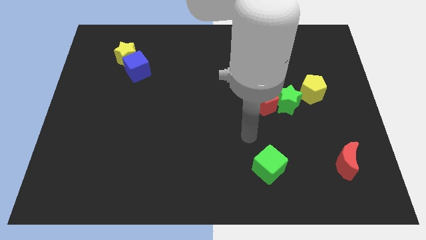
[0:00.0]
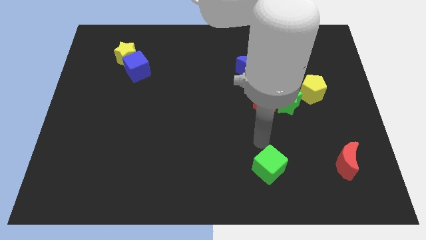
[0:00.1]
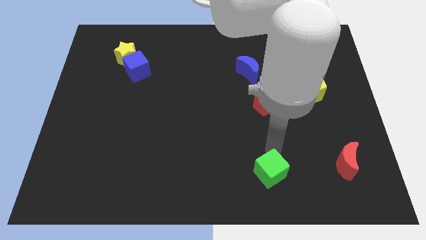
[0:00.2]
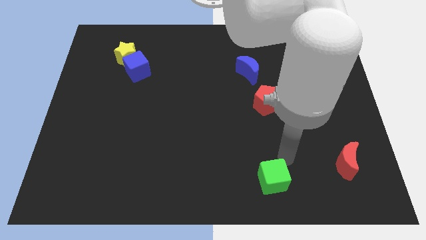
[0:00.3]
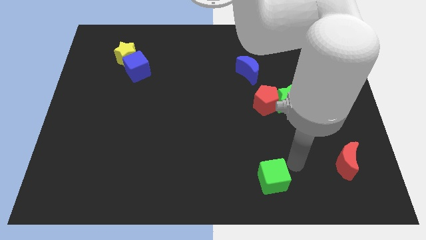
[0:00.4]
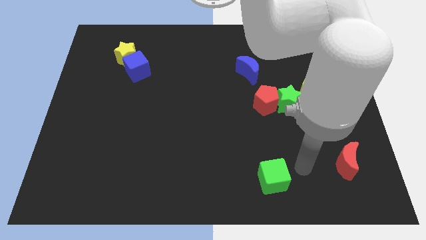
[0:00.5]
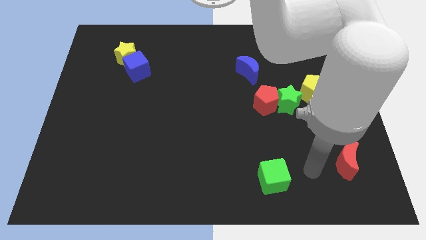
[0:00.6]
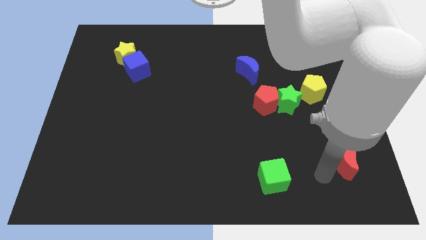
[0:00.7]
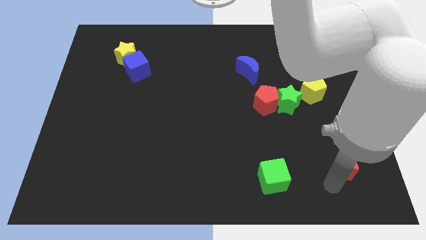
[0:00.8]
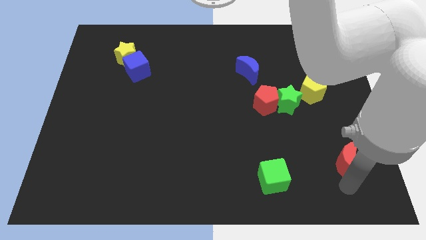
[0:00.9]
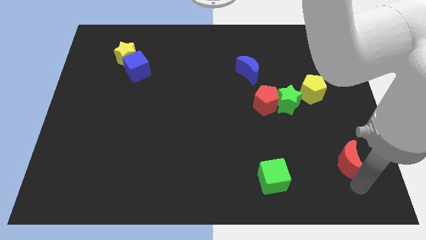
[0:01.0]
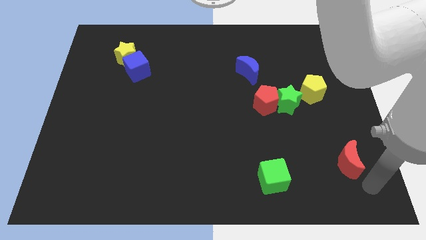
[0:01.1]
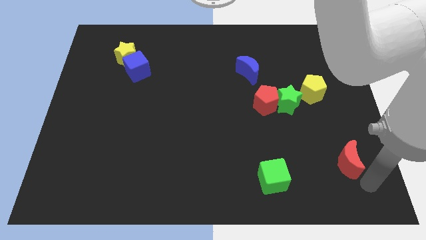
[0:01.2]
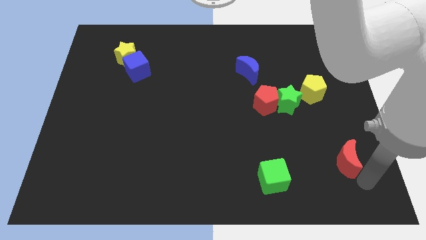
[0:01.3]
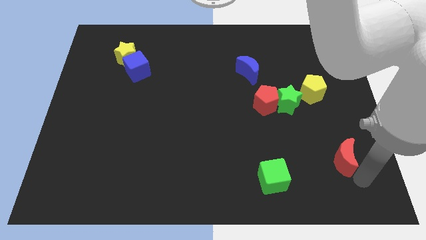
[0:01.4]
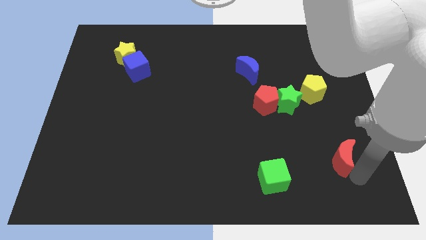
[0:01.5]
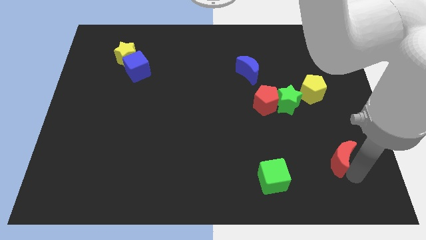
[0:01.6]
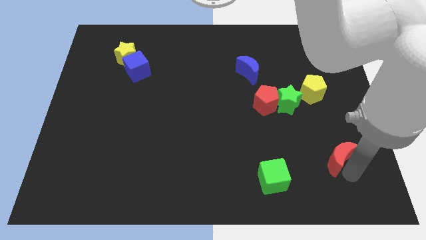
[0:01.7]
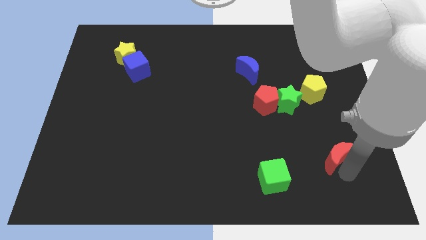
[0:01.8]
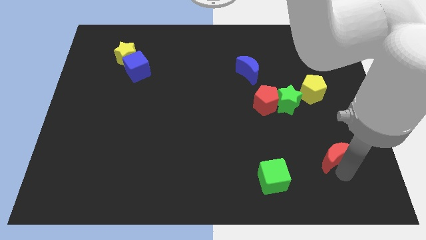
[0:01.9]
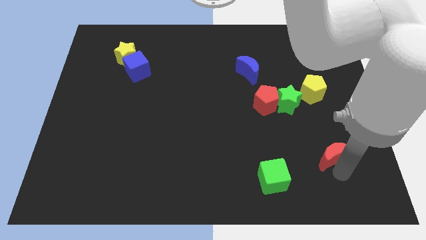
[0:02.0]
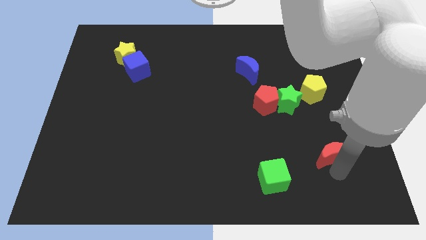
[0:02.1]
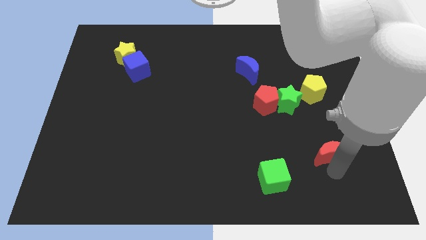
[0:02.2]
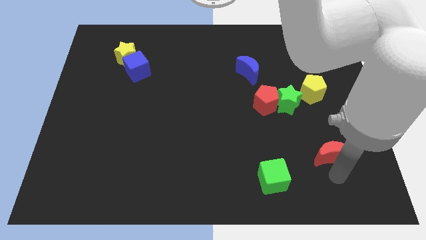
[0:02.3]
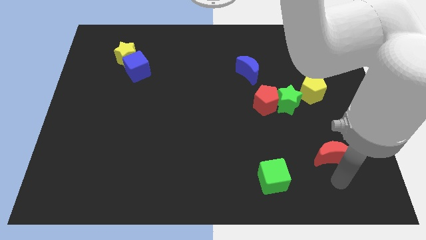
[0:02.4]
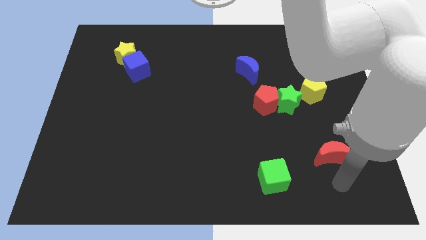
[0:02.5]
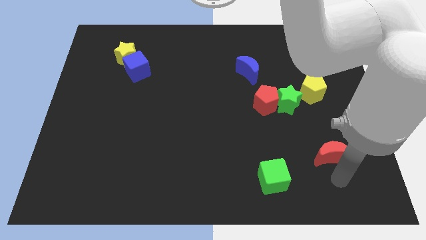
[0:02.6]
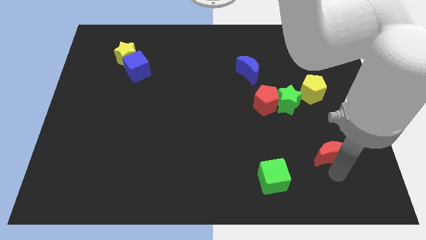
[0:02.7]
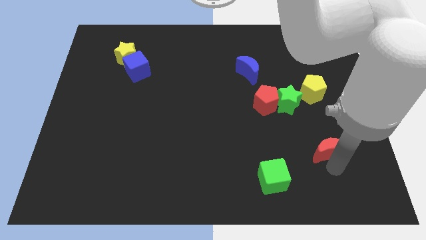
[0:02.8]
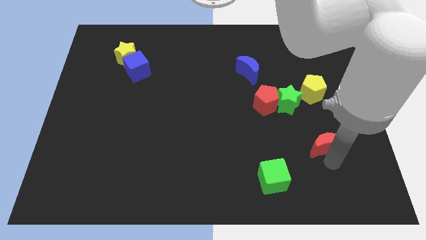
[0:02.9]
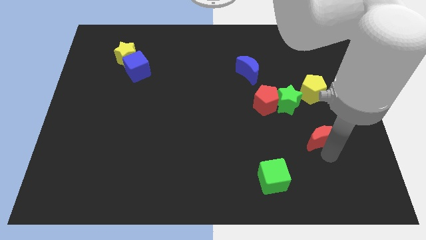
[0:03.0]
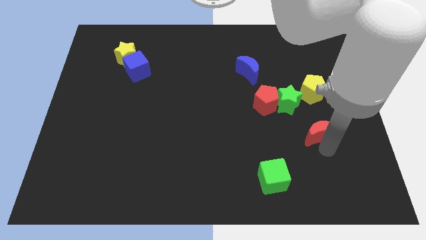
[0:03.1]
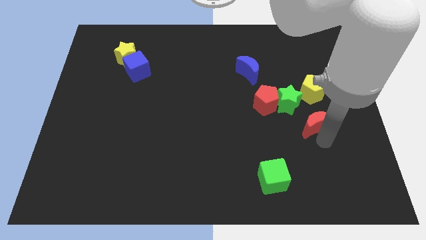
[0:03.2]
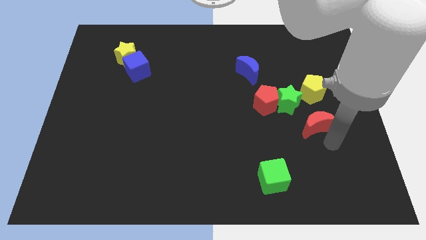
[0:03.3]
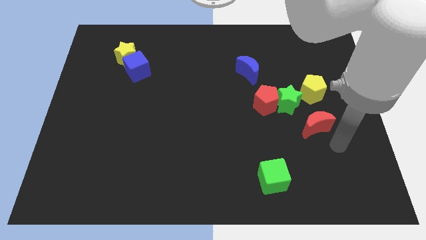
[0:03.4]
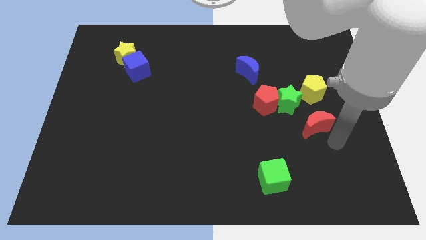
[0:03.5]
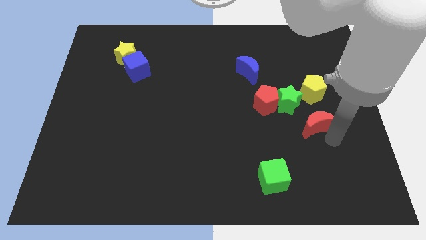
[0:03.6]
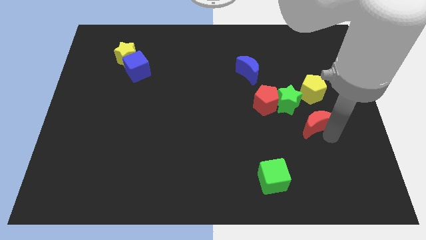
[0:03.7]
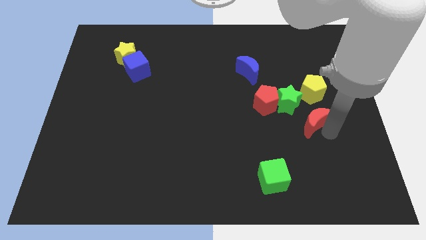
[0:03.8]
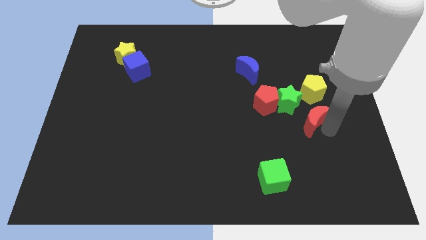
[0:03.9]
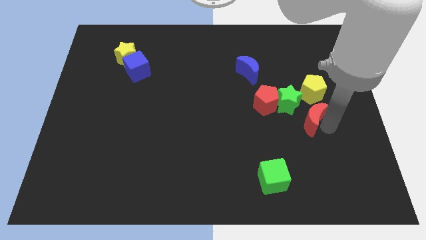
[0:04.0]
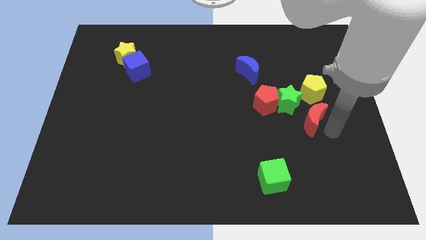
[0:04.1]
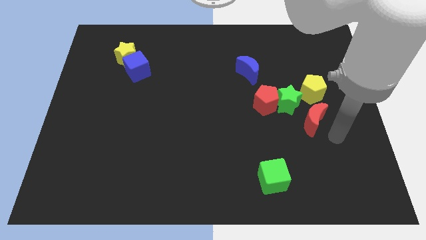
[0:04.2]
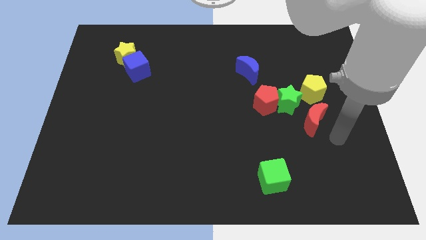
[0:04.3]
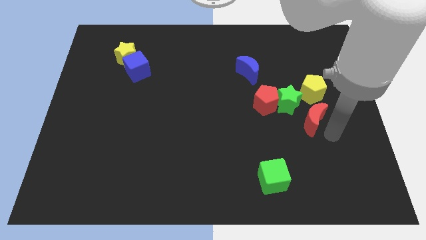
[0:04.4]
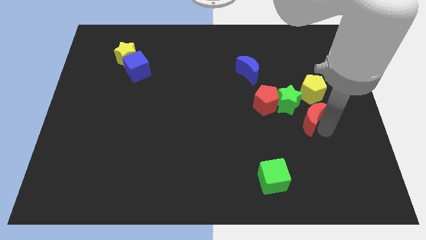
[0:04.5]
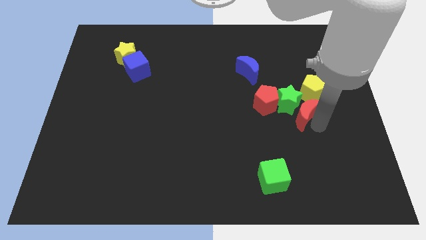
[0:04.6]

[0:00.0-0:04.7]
move the red moon towards the green star

....

WHAT YOU NEED TO DO -
Return the full listing above verbatim, please, but without its images.

EXERCISE OUTPUT -
[0:00.0]
[0:00.1]
[0:00.2]
[0:00.3]
[0:00.4]
[0:00.5]
[0:00.6]
[0:00.7]
[0:00.8]
[0:00.9]
[0:01.0]
[0:01.1]
[0:01.2]
[0:01.3]
[0:01.4]
[0:01.5]
[0:01.6]
[0:01.7]
[0:01.8]
[0:01.9]
[0:02.0]
[0:02.1]
[0:02.2]
[0:02.3]
[0:02.4]
[0:02.5]
[0:02.6]
[0:02.7]
[0:02.8]
[0:02.9]
[0:03.0]
[0:03.1]
[0:03.2]
[0:03.3]
[0:03.4]
[0:03.5]
[0:03.6]
[0:03.7]
[0:03.8]
[0:03.9]
[0:04.0]
[0:04.1]
[0:04.2]
[0:04.3]
[0:04.4]
[0:04.5]
[0:04.6]

[0:00.0-0:04.7]
move the red moon towards the green star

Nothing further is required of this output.